Despite his on-field success, it was reported in November that Cook had given thought to quitting the game.39 In February 1907 he indeed left the Bronchos to work for the office of the San Antonio Traction Company, the firm that ran the city’s streetcars. “I guess I’m out of baseball for keeps now,” he said. “It’s a good business, but there are better to my mind.”40
The reason for Cook’s abrupt departure from the sport was given no further explanation, but in 1909 it was revealed that Cook had fallen out with his family, who considered his baseball profession “a horror.”4 1 These tensions were almost certainly the motivating factor in his sudden retirement.
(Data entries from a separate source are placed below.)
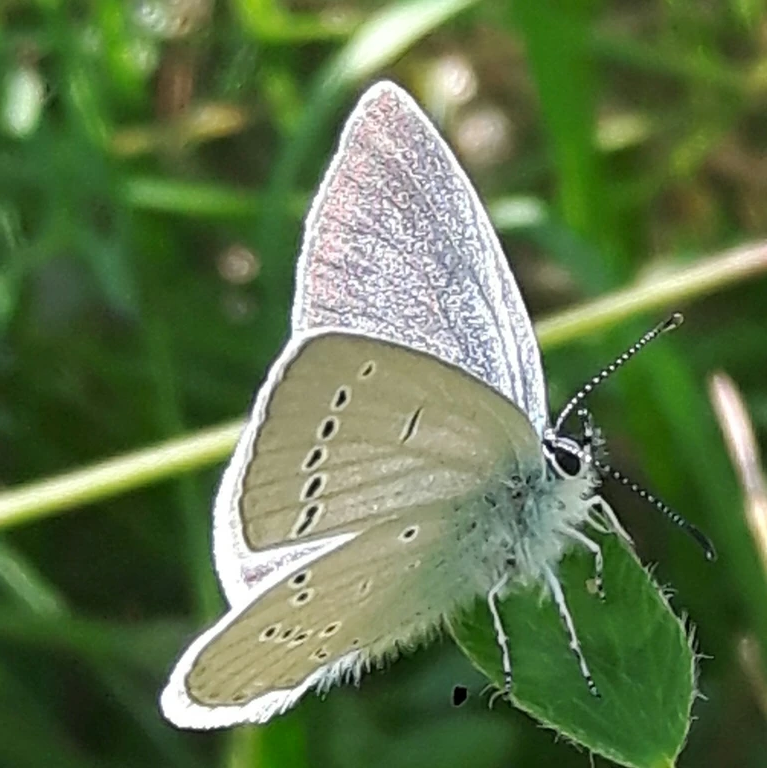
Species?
Cupido minimus
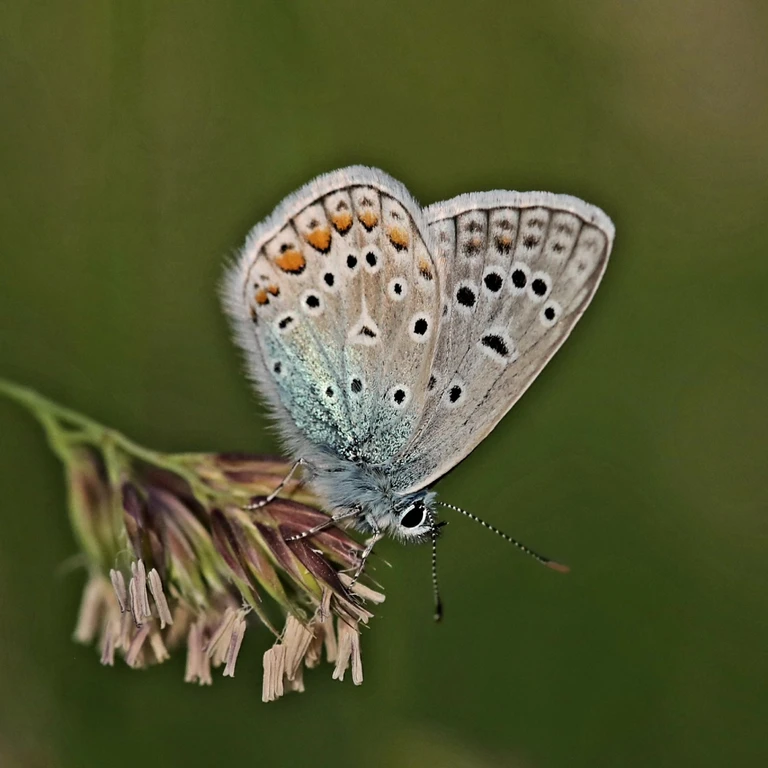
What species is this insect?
Polyommatus icarus
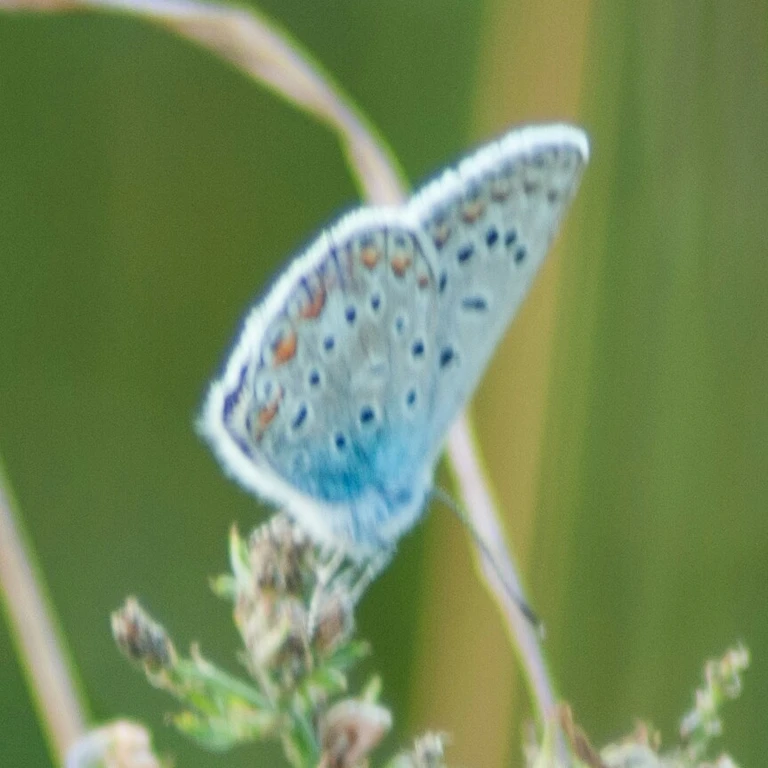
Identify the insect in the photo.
Polyommatus icarus

Nevertheless, Cook could not stay away from baseball for long. He played against the Bronchos for a team of independents in a practice game in early April, and the fan favorite was back in a San Antonio uniform for two games later in the month. In the first of these he played right field and scored the winning run in the ninth inning, diving into home headfirst.42 The next day he struck out twelve and allowed one run in an 11-inning win.43 Cook insisted that he was “not in the game for good” and merely helping out,44 but the San Antonio Daily Express was hopeful he would again be playing regularly for the Bronchos, who now competed in the Class C Texas League.
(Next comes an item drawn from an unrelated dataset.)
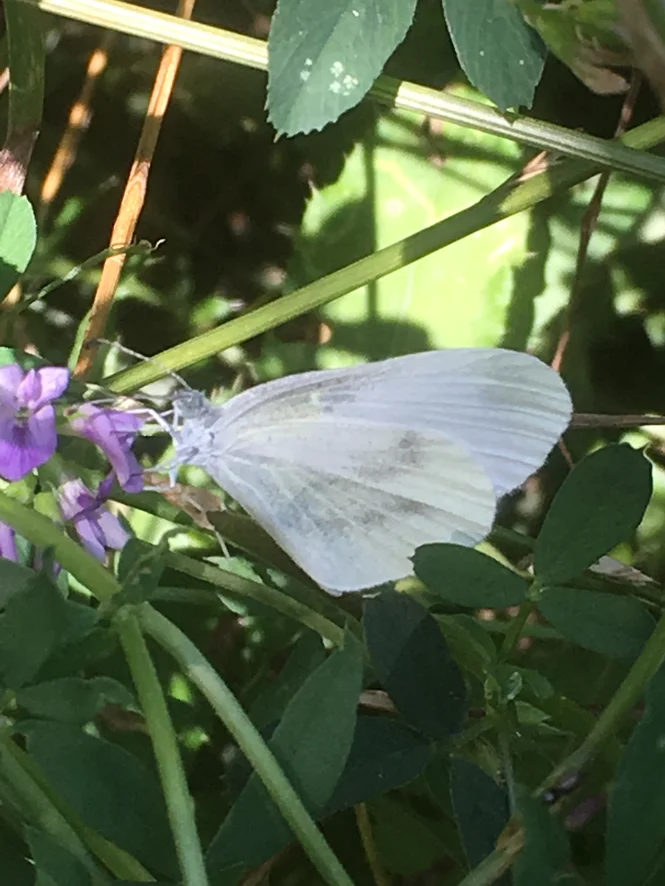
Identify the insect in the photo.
Leptidea sinapis/juvernica
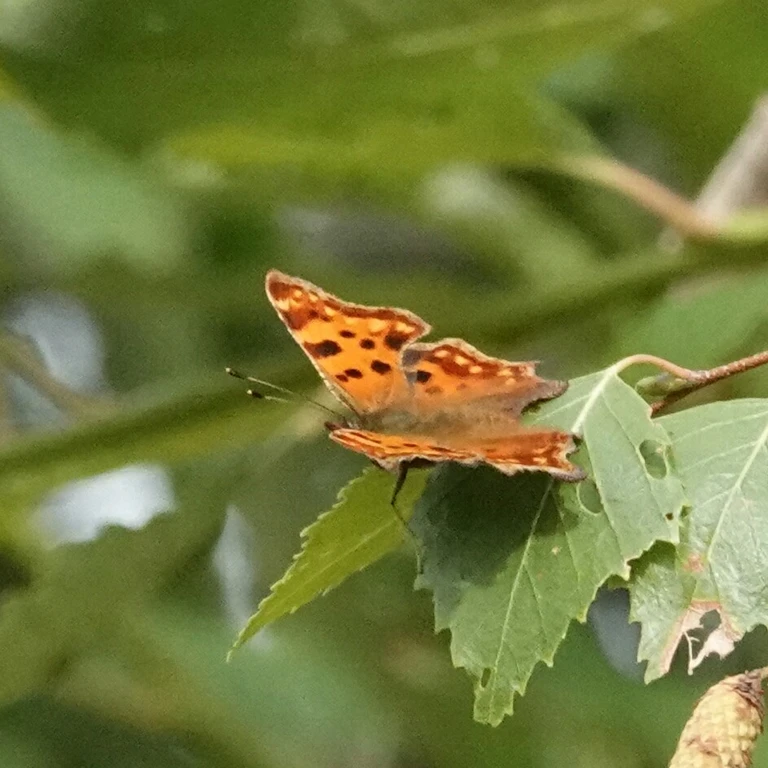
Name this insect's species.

Cook retreated back into retirement though, and did not play in either May or June. But on July 15, the San Antonio Gazette reported that Cook had come out of retirement to sign with the Bronchos.45 The next day, the same newspaper offered an improbable retraction:
“Through an error it was stated yesterday that Fred Cook would play with the Bronchos. It was learned this morning that Mr. Cook will not play, but that Fred Clark is the name of the player who has been secured.”46
On July 19, the San Antonio Light said that pitcher “Fred Clarke” was to join the club that day.47 The Bronchos instead fielded a new recruit by the name of “Winchell”, who started at second base and was described as “the new infielder”.48 The following day Winchell started both games of a doubleheader at second base, before pitching on July 21 and playing that position exclusively for the rest of the season.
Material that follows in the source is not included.